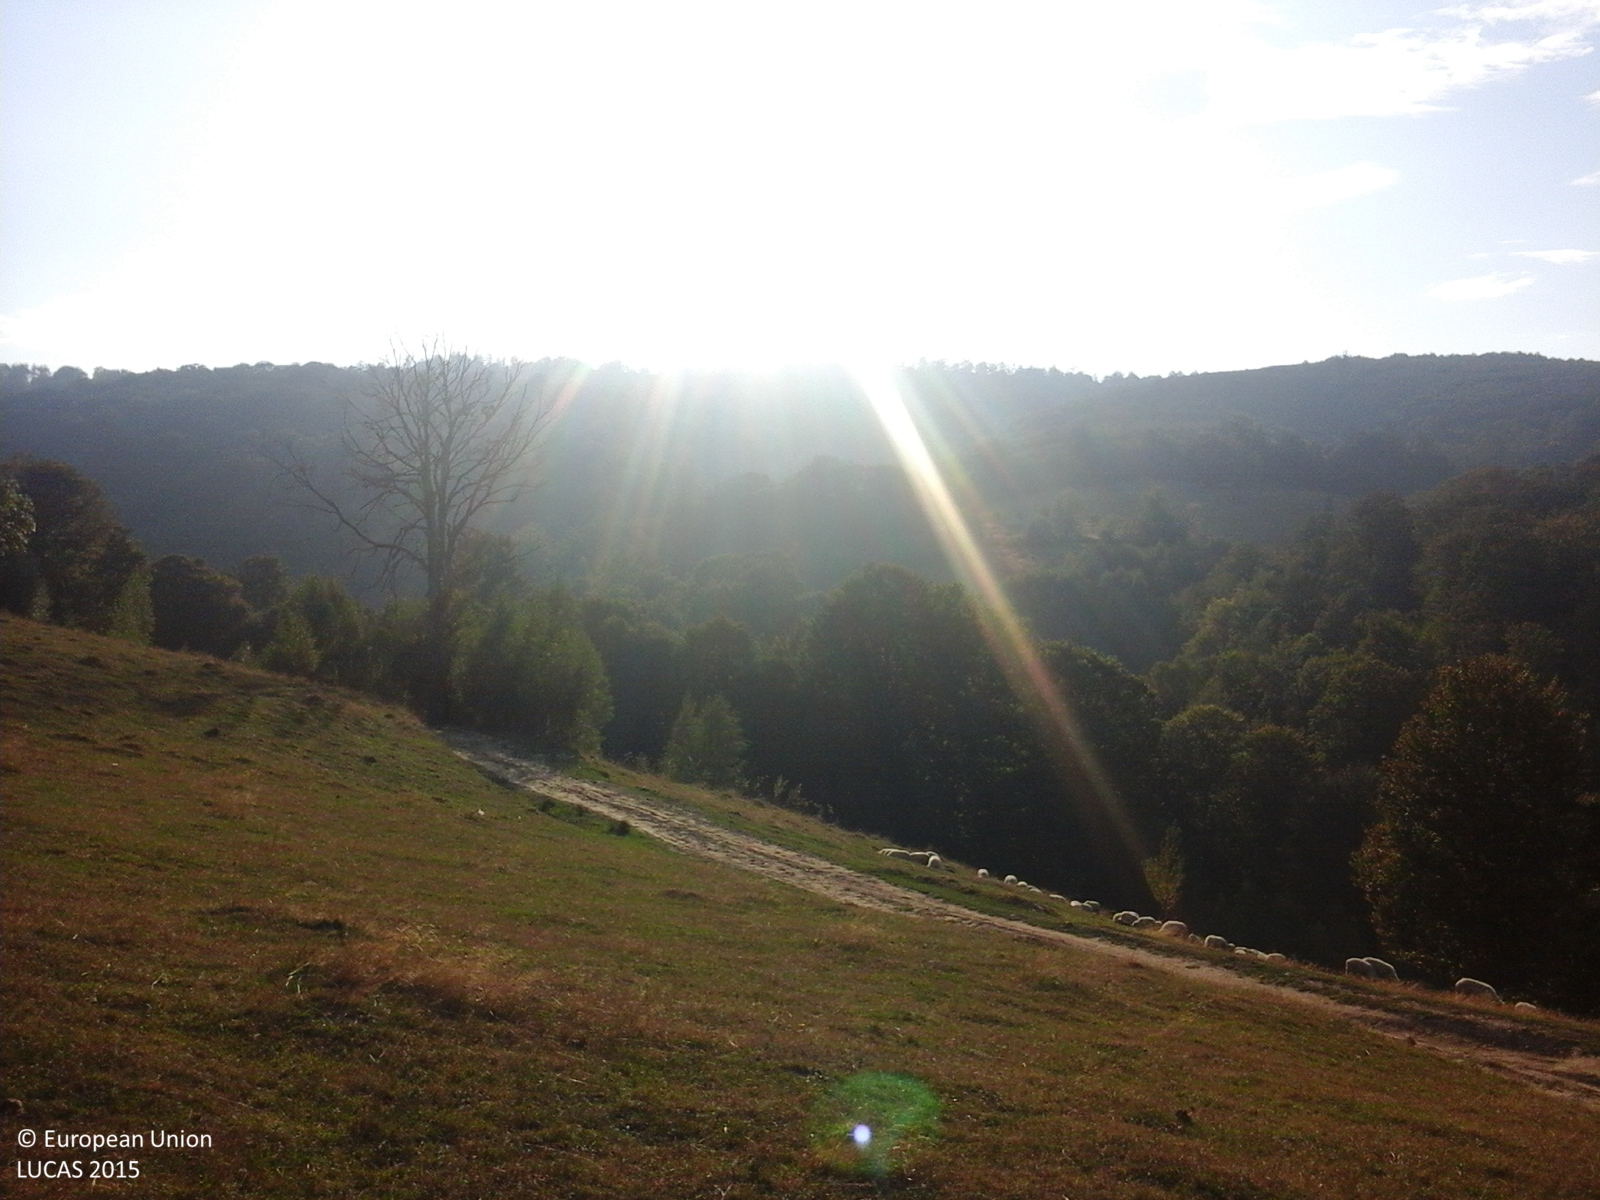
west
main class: Grassland
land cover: Grassland without tree/shrub cover
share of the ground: > 75 %
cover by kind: herbaceous plants 100 %
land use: Agriculture (excluding fallow land and kitchen gardens)
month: September
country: RO
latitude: 45.1596
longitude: 22.1876

# # # # # # #

■ WHAT THE EXERCISE ASKS:
The answer must be the line containing "share of the ground: > 75 %" and every line after it through the last line of the records above, repeated exactly.

■ EXERCISE RESPONSE:
share of the ground: > 75 %
cover by kind: herbaceous plants 100 %
land use: Agriculture (excluding fallow land and kitchen gardens)
month: September
country: RO
latitude: 45.1596
longitude: 22.1876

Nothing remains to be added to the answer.